Miguel Cambronero había dedicado toda su vida a vender lotería en las calles de la ciudad, había observado cómo, poco a poco, el gris venció al azul del cielo para amenazar con ser un huésped eterno del gran hotel urbano. Su labor como voyeur citadino lo había dejado percatarse del modo en que los automóviles formaron su propia manada para ejercer la jefatura en la jungla del asfalto, lo había hecho testigo del modo en que el silencio fue embotellado para ser vendido en los anaqueles de un supermercado de gente adinerada y de cómo las personas olvidaron sonreír. Porque Miguel estaba sumergido en los escombros de una civilización pronta a extinguirse en donde el ambiente era atiborrado de rezos vacíos destinados a que un dios inexistente no los respondiera, la fe había sido obligada a prostituirse en una casa cural para garantizar su sobrevivencia y la sombra de un crucifijo roto se proyectaba al atardecer. Lo que más le preocupaba a este vendedor de lotería era que ya nadie le ofrecía una sonrisa desinteresada cuando vendía un pedacito de suerte, parecía que algo había poseído a la personas para no dejarlas ser quienes eran. Miraba cómo cada vez llegaban más personas a la casa de empeño, que estaba a la par de su puesto, para cambiar pertenencias por billetes con la cara impresa de un hombre o una mujer que él nunca llegaría a conocer, siempre intentaba encontrar la razón de por que algo tan insignificante como un papel verde era el eje en que rotaba el mundo.

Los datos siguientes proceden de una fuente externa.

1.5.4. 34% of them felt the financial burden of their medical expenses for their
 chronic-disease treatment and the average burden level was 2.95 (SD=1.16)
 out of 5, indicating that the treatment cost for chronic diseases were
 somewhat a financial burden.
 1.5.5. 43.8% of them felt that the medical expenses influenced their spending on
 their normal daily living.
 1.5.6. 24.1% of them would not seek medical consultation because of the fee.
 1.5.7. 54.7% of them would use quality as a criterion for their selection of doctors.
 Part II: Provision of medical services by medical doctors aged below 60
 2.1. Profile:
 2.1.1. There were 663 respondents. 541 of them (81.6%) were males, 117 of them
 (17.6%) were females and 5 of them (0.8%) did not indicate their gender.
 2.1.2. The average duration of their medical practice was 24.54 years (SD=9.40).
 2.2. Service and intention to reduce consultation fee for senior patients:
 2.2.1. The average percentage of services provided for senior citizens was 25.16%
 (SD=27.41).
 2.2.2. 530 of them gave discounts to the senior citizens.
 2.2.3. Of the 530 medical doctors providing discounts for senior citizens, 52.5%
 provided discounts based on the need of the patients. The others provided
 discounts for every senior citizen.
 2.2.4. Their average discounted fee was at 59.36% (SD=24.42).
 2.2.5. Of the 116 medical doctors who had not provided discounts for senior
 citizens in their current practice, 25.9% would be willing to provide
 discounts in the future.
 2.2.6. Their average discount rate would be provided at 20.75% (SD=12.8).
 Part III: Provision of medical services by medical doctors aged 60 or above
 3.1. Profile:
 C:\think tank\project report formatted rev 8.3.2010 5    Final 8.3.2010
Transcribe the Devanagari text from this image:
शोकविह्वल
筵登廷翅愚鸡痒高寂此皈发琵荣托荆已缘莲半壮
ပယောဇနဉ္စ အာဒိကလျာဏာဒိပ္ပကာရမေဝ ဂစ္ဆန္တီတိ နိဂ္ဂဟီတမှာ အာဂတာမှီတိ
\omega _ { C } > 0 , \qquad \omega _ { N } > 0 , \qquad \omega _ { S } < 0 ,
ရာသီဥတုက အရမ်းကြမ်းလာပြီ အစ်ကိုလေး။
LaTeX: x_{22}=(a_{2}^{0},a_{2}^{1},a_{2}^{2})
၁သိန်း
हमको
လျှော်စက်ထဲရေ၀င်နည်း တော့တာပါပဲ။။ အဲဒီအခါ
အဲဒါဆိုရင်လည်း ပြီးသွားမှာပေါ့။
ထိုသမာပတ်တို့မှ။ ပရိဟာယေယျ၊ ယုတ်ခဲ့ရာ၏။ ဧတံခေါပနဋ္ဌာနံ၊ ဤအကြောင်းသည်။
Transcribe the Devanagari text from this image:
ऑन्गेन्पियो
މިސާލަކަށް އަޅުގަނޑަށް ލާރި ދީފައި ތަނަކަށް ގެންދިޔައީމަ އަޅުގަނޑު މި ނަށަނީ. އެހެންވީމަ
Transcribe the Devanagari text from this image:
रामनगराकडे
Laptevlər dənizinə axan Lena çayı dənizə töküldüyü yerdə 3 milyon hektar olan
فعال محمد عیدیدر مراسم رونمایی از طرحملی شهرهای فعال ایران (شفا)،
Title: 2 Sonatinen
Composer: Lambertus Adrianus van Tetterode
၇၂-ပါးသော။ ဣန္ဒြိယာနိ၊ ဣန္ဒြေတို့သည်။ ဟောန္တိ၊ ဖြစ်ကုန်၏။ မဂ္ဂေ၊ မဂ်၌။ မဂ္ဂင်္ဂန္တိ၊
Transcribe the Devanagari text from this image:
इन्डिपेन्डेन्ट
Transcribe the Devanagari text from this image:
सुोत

Otro día como cualquiera Miguel se levantó cuando el sol ya jugueteaba con los cadáveres de las gotas del rocío y empezó a sentir una sensación poco común. Era similar a un ataque de euforia combinado con el frío estupor de un infante cuando nace y el dulce estrépito de un beso inesperado, en ese momento profirió una palabra de cinco letras superior a cualquier pentagrama de un rito esotérico para revivir a un demonio mesopotámico, Miguel dijo Basta. Decidió instalarse al frente de la Plaza Capital con un letrero que llevaba pintado ese voto tan fuerte y poderoso que había declamado, los transeúntes pasaban con indiferencia a la par del viejo porque temían que su locura fuera uno de esos virus que son titulares en los noticieros. Un día la vieja plaza se transformó en la residencia de cientos de personas que llevaban carteles similares a los de Miguel, el pobre hombre no entendía lo que pasaba, ignoraba que era conocido en muchos países producto de una foto publicada en un sitio web, su rostro salía en los periódicos de todo el mundo, la gente sólo hablaba del hombre que pernoctaba en el frío lecho de la intemperie mientras sostenía un letrero, se había convertido en una celebridad de la llamada “Aldea Global”. Él había comenzado algo grande sin embargo nunca dejó de sostener su cartel.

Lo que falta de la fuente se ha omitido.